/razor

A simple and fast adapter/quality trimmer for fastq sequences

Primary LanguageCMIT LicenseMIT

Razor

Razor is a fast and simple adapter/quality trimming tool for fastq sequences. It uses the ERNE-FILTER[1] algorthm for quality trimming, which operates on both ends of a read. The 3' adapter-trimming algorithm works by moving from left to right in a read until a match is found using the Knuth-Morris-Pratt algorithm[2], and then removing all bases after that point. Currently, Razor only works on unix-like systems, and requires the zlib compression library (www.zlib.net).

Razor supports reading and writing both uncompressed and gzipped fastq files; the format is determined by the filename suffix.

Installation

git clone https://github.com/abardill/razor
cd razor
gcc -o razor razor.c -Wall -lz -O2

Usage

Perform quality trimming with a threshold of 20, removing reads whose mean quality post-trimming is less than 15:

$ razor -q 20 -m 15 -o out.fq.gz in.fq.gz
82408952 reads were read
 1871332 reads underwent quality trimming
  715766 of these were filtered
10734758 bases were quality trimmed

Trim a 3' adapter, requiring its first 16 bases to be matched:

$ razor -a CTGTCTCTTATACACATCT --min-adapter-match 16 -o out.fq in.fq
13584188 reads were read
   22675 reads underwent adapter trimming
      35 of these were filtered
 1099363 adapter bases were trimmed

Read from standard input (denoted by '-') and trim adapters contained in a fasta file, discarding reads shorter than 30 bases. Write to standard output:

$ cat in.fq | razor -f adapters.fa -l 30 - > out.fq

Combine adapter and quality trimming (in that order), but retain reads which do not pass the --min-length and/or --min-mean-quality filters, replacing their sequence and quality strings with empty strings:

$ razor -f adapters.fa -q 30 --keep-empty -o out.fq.gz in.fq.gz

This is useful if you want to maintain pairing when trimming paired-end reads.

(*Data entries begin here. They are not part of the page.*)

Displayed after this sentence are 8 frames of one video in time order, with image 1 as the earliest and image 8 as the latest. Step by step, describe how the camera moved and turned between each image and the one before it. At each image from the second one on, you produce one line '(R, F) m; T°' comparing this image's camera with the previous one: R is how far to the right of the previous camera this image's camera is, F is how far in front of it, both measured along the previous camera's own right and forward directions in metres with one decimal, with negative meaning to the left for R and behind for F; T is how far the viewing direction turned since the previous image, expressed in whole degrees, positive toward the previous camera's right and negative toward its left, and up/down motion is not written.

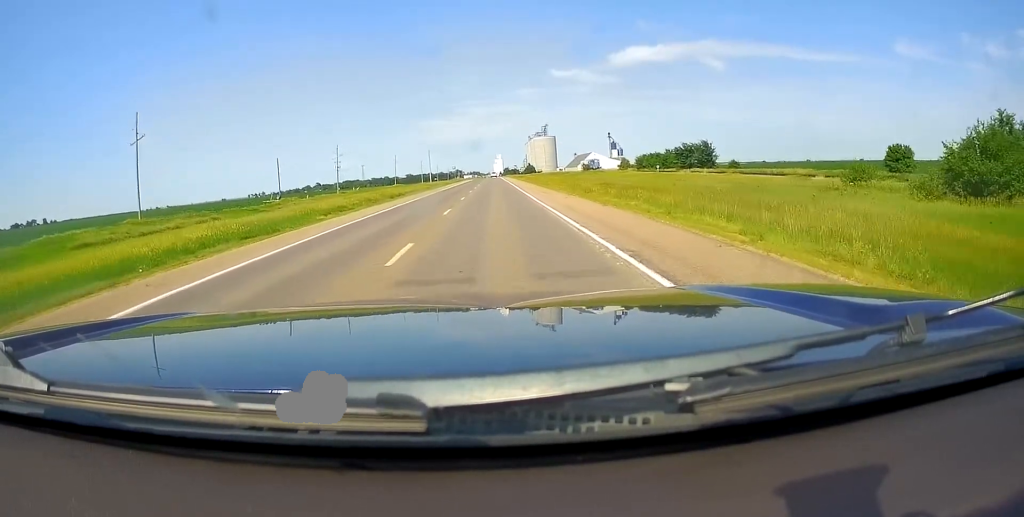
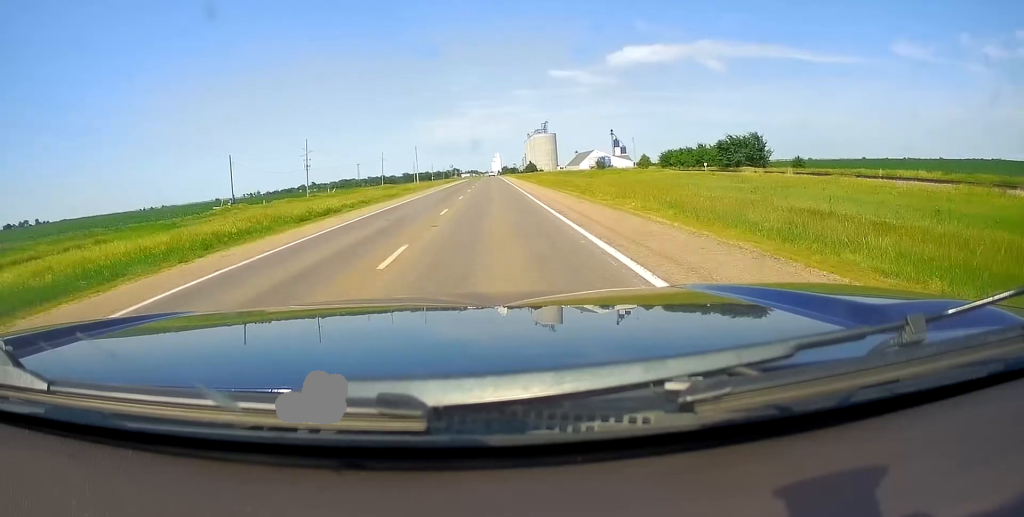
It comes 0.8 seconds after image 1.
(0.0, +24.5) m; 0°
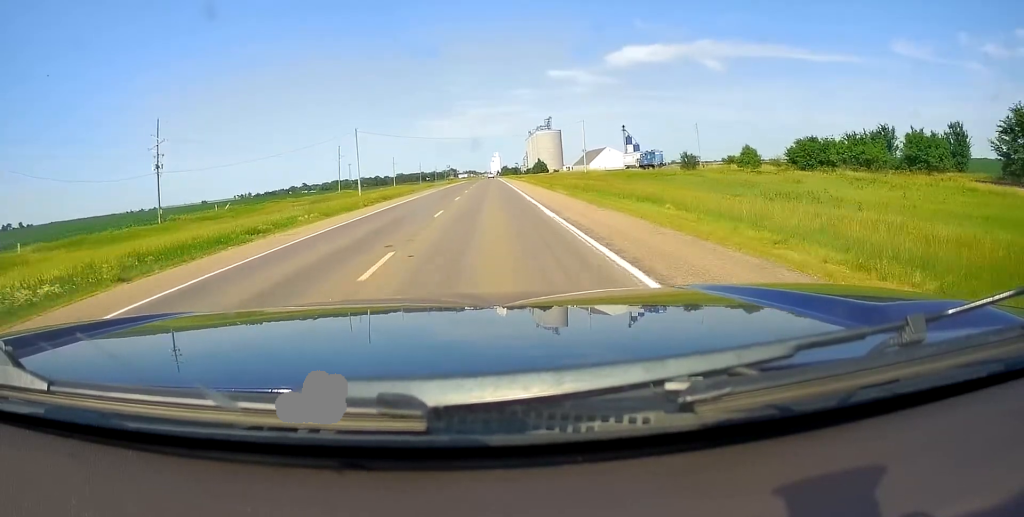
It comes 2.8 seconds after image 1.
(-0.2, +62.0) m; -1°
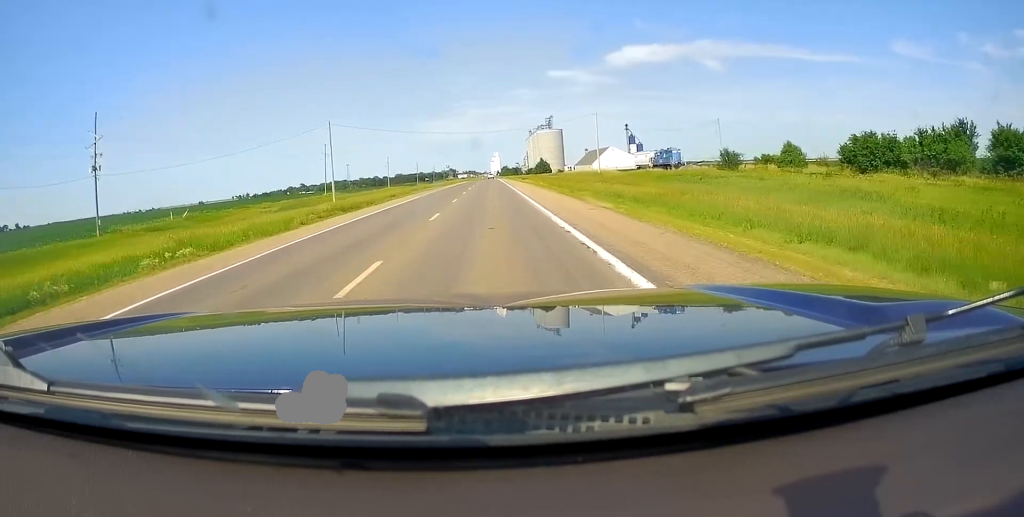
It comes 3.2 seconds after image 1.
(-0.1, +13.3) m; 0°
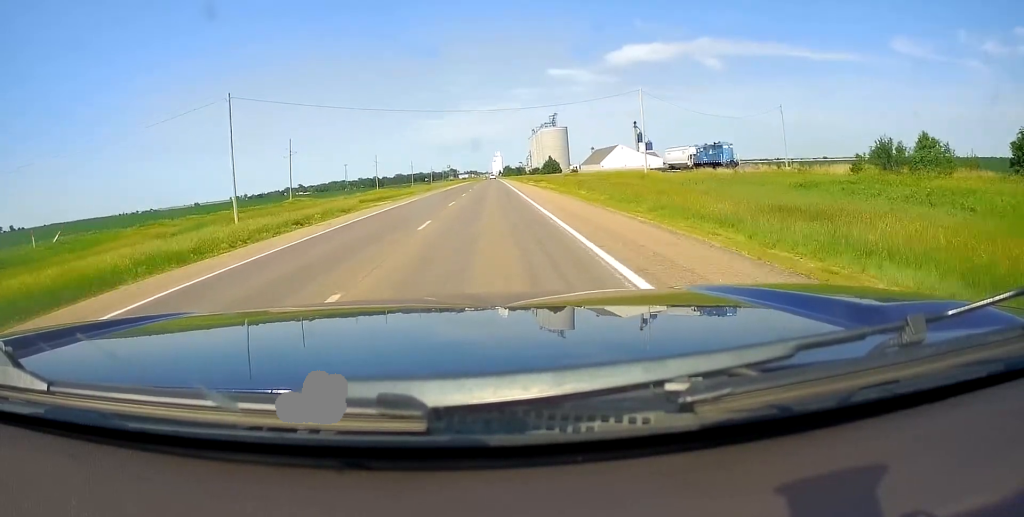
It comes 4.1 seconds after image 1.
(+0.2, +27.1) m; +1°
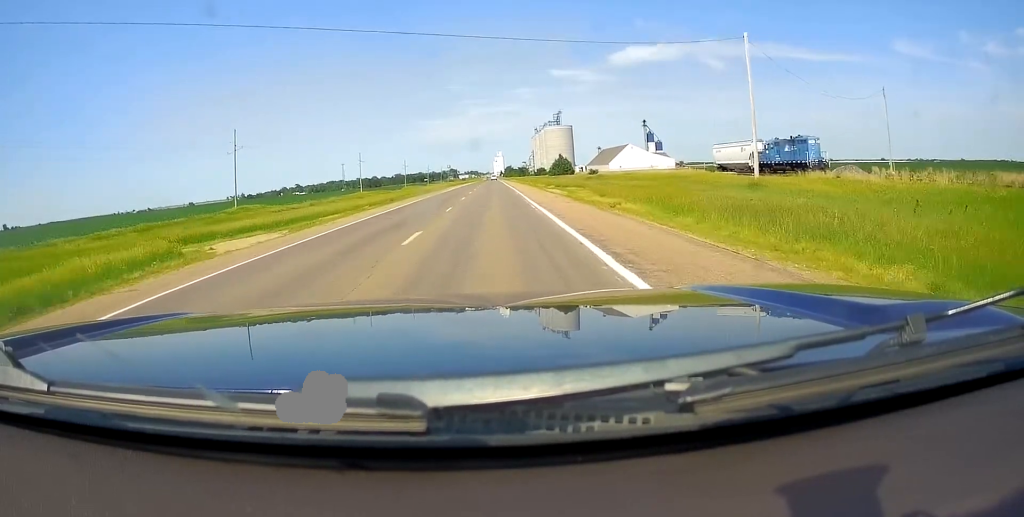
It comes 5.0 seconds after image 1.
(+0.1, +27.5) m; 0°
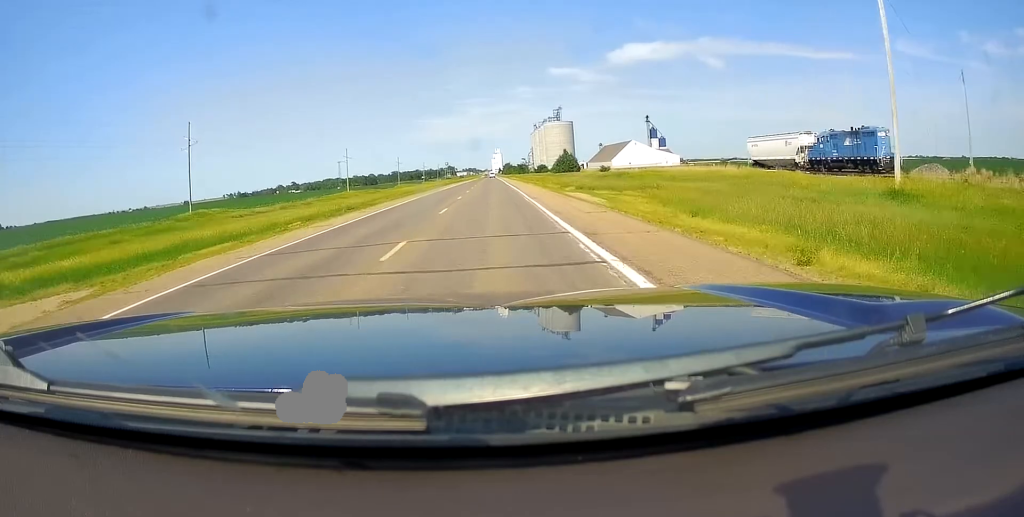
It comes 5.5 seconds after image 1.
(0.0, +14.7) m; -1°
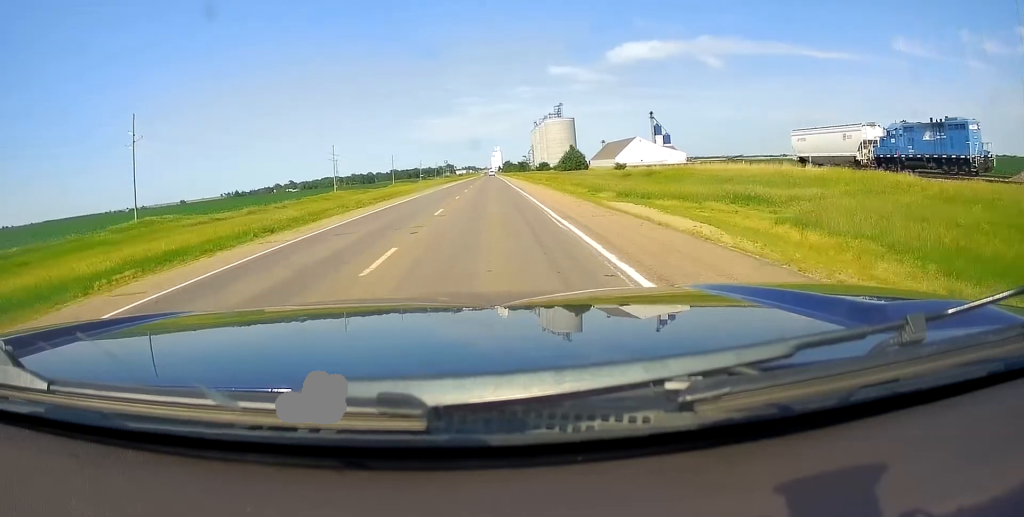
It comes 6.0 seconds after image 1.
(-0.2, +13.7) m; 0°

To print the full help information use

$ razor --help
Usage: razor [options] [in.fq]
Options: 
  -o, --output=FILE		The file to output processed reads to. If unspecified, reads are written to stdout.
  -q, --quality-threshold=INT	Trim bases from 5' and 3' ends using the ERNE-FILTER algorithm.
  -l, --min-length=INT		After processing, discard sequences below a minimum length [20].
  -m, --min-mean-quality=INT	After quality trimming, discard reads below a minimum mean quality.
  -a, --adapter=STR		Adapter to be trimmed from the 3' ends of the reads.
  -f, --adapter-file=FILE	Fasta file containing adapter sequences.
  -M, --min-adapter-match=INT	The minimum number of leading bases a subsequence must share with an adapter
				for a match to occur [12].
  -k, --keep-empty		Sequences filtered according to the min-length and min-mean-quality options
				have their sequence and quality strings truncated to empty and are retained.
  -p, --phred=[33|64]		The phred encoding of the quality scores in the input fastq [33].
      --version			Display version information and exit.
      --help			Display this help text and exit.

References

[1] Fabbro, Cristian Del, Simone Scalabrin, Michele Morgante, and Federico M. Giorgi. “An Extensive Evaluation of Read Trimming Effects on Illumina NGS Data Analysis.” PLOS ONE 8, no. 12 (December 23, 2013): e85024. doi:10.1371/journal.pone.0085024

[2] Knuth, Donald; Morris, James H.; Pratt, Vaughan (1977). "Fast pattern matching in strings". SIAM Journal on Computing. 6 (2): 323–350. doi:10.1137/0206024.